TASK DIRECTIONS ▸ Could you give the data that follows again exactly, without its pictures?

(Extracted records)
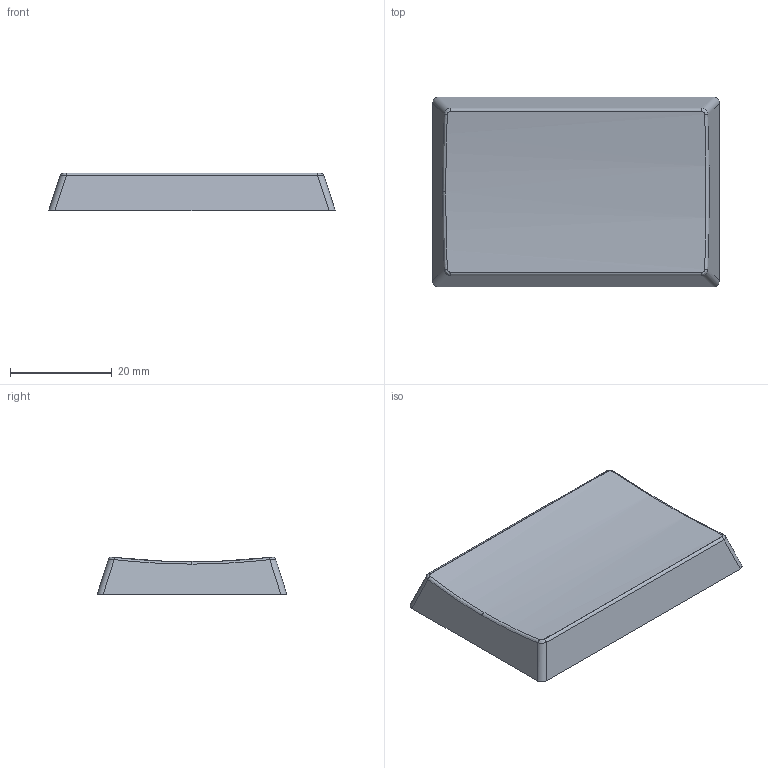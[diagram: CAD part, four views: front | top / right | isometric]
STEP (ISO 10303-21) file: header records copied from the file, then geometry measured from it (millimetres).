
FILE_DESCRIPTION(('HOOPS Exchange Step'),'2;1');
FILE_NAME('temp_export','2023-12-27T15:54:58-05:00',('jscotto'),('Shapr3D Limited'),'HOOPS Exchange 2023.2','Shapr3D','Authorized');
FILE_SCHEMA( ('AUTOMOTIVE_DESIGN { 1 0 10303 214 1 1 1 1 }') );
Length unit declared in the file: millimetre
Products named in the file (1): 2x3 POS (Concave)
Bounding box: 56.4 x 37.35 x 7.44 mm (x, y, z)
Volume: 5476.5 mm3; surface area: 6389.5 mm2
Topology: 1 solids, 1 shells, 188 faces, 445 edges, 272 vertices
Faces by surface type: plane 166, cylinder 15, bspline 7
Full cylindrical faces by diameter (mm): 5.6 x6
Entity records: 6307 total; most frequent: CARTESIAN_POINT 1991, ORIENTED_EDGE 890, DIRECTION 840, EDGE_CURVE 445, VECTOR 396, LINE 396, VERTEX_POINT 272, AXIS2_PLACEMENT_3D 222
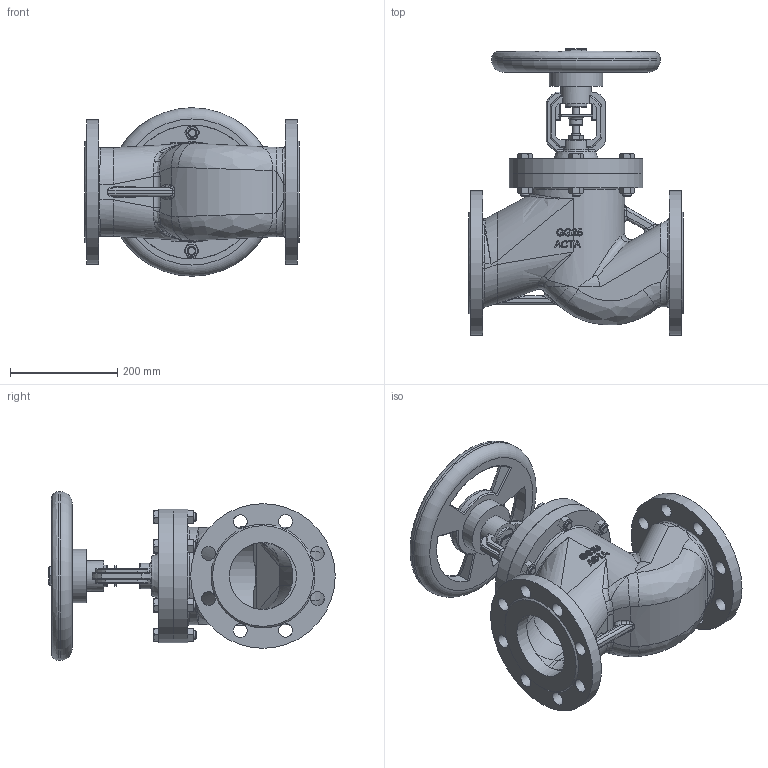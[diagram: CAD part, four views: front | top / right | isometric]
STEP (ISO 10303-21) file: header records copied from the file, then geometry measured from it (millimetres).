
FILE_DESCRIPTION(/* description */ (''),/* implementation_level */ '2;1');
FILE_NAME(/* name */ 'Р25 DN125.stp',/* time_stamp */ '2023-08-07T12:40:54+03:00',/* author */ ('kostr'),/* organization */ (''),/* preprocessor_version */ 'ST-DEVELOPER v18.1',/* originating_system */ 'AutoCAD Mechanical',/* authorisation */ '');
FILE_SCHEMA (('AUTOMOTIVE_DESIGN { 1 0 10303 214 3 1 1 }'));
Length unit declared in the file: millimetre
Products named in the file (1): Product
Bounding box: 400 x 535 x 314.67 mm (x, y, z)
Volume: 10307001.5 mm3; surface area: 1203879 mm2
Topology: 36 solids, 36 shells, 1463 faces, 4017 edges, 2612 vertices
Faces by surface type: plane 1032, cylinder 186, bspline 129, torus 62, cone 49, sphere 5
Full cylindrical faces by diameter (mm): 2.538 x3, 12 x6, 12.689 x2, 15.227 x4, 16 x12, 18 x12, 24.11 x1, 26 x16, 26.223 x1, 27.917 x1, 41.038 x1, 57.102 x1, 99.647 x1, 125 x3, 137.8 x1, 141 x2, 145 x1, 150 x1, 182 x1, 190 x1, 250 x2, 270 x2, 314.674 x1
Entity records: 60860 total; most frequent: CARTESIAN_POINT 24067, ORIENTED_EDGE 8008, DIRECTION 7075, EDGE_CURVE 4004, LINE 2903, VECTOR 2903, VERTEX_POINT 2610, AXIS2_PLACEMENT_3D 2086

TASK RESULT ▸
[diagram: CAD part, four views: front | top / right | isometric]
STEP (ISO 10303-21) file: header records copied from the file, then geometry measured from it (millimetres).
FILE_DESCRIPTION(('HOOPS Exchange Step'),'2;1');
FILE_NAME('temp_export','2023-12-27T15:54:58-05:00',('jscotto'),('Shapr3D Limited'),'HOOPS Exchange 2023.2','Shapr3D','Authorized');
FILE_SCHEMA( ('AUTOMOTIVE_DESIGN { 1 0 10303 214 1 1 1 1 }') );
Length unit declared in the file: millimetre
Products named in the file (1): 2x3 POS (Concave)
Bounding box: 56.4 x 37.35 x 7.44 mm (x, y, z)
Volume: 5476.5 mm3; surface area: 6389.5 mm2
Topology: 1 solids, 1 shells, 188 faces, 445 edges, 272 vertices
Faces by surface type: plane 166, cylinder 15, bspline 7
Full cylindrical faces by diameter (mm): 5.6 x6
Entity records: 6307 total; most frequent: CARTESIAN_POINT 1991, ORIENTED_EDGE 890, DIRECTION 840, EDGE_CURVE 445, VECTOR 396, LINE 396, VERTEX_POINT 272, AXIS2_PLACEMENT_3D 222
[diagram: CAD part, four views: front | top / right | isometric]
STEP (ISO 10303-21) file: header records copied from the file, then geometry measured from it (millimetres).
FILE_DESCRIPTION(/* description */ (''),/* implementation_level */ '2;1');
FILE_NAME(/* name */ 'Р25 DN125.stp',/* time_stamp */ '2023-08-07T12:40:54+03:00',/* author */ ('kostr'),/* organization */ (''),/* preprocessor_version */ 'ST-DEVELOPER v18.1',/* originating_system */ 'AutoCAD Mechanical',/* authorisation */ '');
FILE_SCHEMA (('AUTOMOTIVE_DESIGN { 1 0 10303 214 3 1 1 }'));
Length unit declared in the file: millimetre
Products named in the file (1): Product
Bounding box: 400 x 535 x 314.67 mm (x, y, z)
Volume: 10307001.5 mm3; surface area: 1203879 mm2
Topology: 36 solids, 36 shells, 1463 faces, 4017 edges, 2612 vertices
Faces by surface type: plane 1032, cylinder 186, bspline 129, torus 62, cone 49, sphere 5
Full cylindrical faces by diameter (mm): 2.538 x3, 12 x6, 12.689 x2, 15.227 x4, 16 x12, 18 x12, 24.11 x1, 26 x16, 26.223 x1, 27.917 x1, 41.038 x1, 57.102 x1, 99.647 x1, 125 x3, 137.8 x1, 141 x2, 145 x1, 150 x1, 182 x1, 190 x1, 250 x2, 270 x2, 314.674 x1
Entity records: 60860 total; most frequent: CARTESIAN_POINT 24067, ORIENTED_EDGE 8008, DIRECTION 7075, EDGE_CURVE 4004, LINE 2903, VECTOR 2903, VERTEX_POINT 2610, AXIS2_PLACEMENT_3D 2086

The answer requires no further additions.